== Assignment ==
Before copying the entries, remove the pictures; everything else stays exactly as it is.

== Data supplied ==
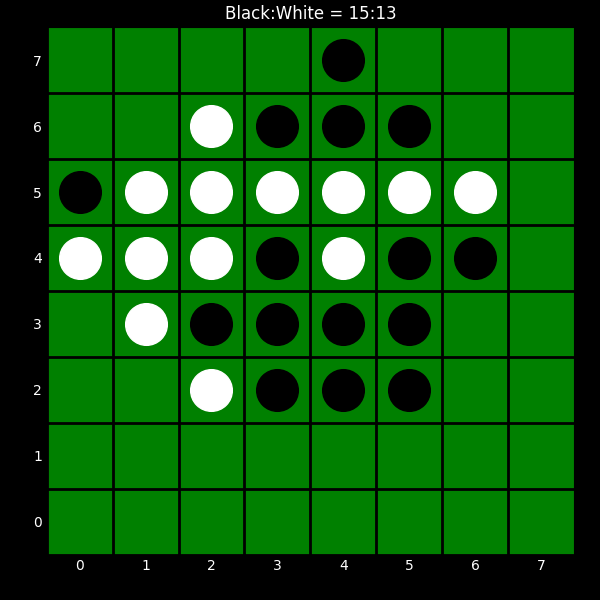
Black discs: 15
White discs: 13
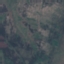
Land use / land cover class: HerbaceousVegetation
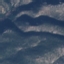
Land use / land cover: HerbaceousVegetation
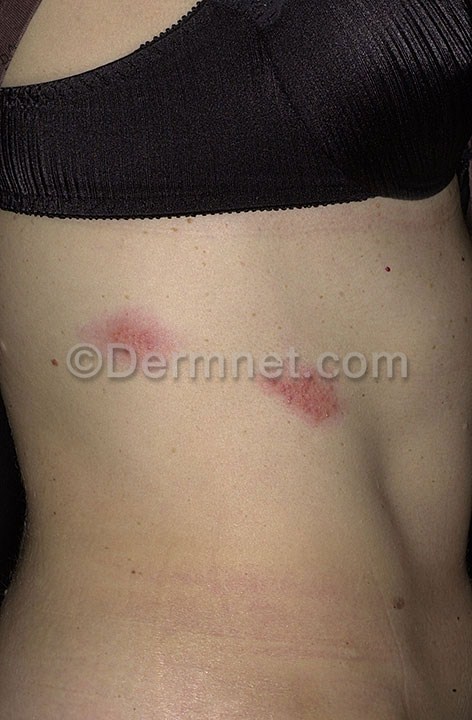
Disease: Warts Molluscum and other Viral Infections
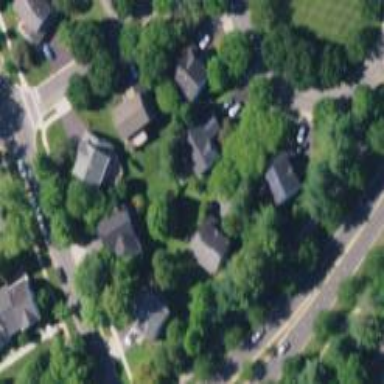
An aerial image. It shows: Neighborhood.
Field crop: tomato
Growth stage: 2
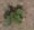
Species: solanum
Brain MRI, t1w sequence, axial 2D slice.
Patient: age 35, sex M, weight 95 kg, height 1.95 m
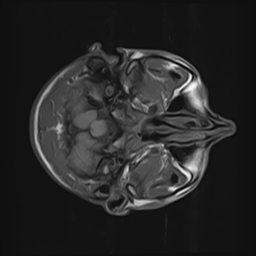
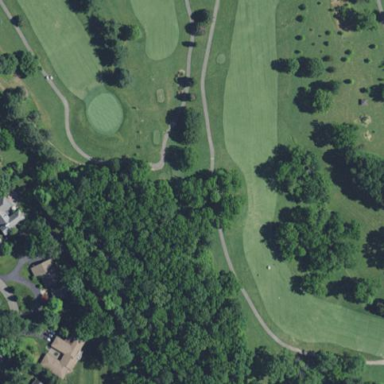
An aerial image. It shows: Golf fairway with grass surface.
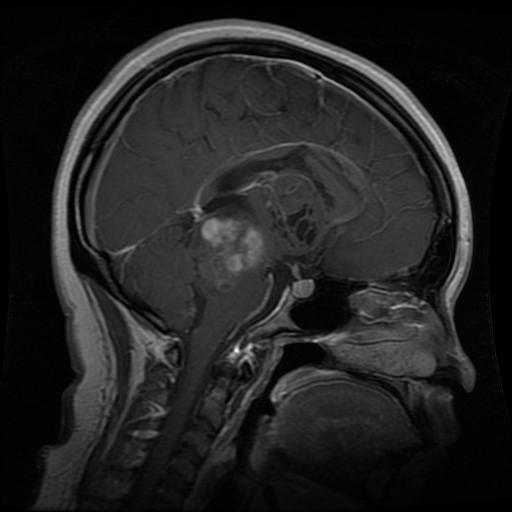
Label: glioma

== Output of the task ==
Black discs: 15
White discs: 13
Land use / land cover class: HerbaceousVegetation
Land use / land cover: HerbaceousVegetation
Disease: Warts Molluscum and other Viral Infections
An aerial image. It shows: Neighborhood.
Field crop: tomato
Growth stage: 2
Species: solanum
Brain MRI, t1w sequence, axial 2D slice.
Patient: age 35, sex M, weight 95 kg, height 1.95 m
An aerial image. It shows: Golf fairway with grass surface.
Label: glioma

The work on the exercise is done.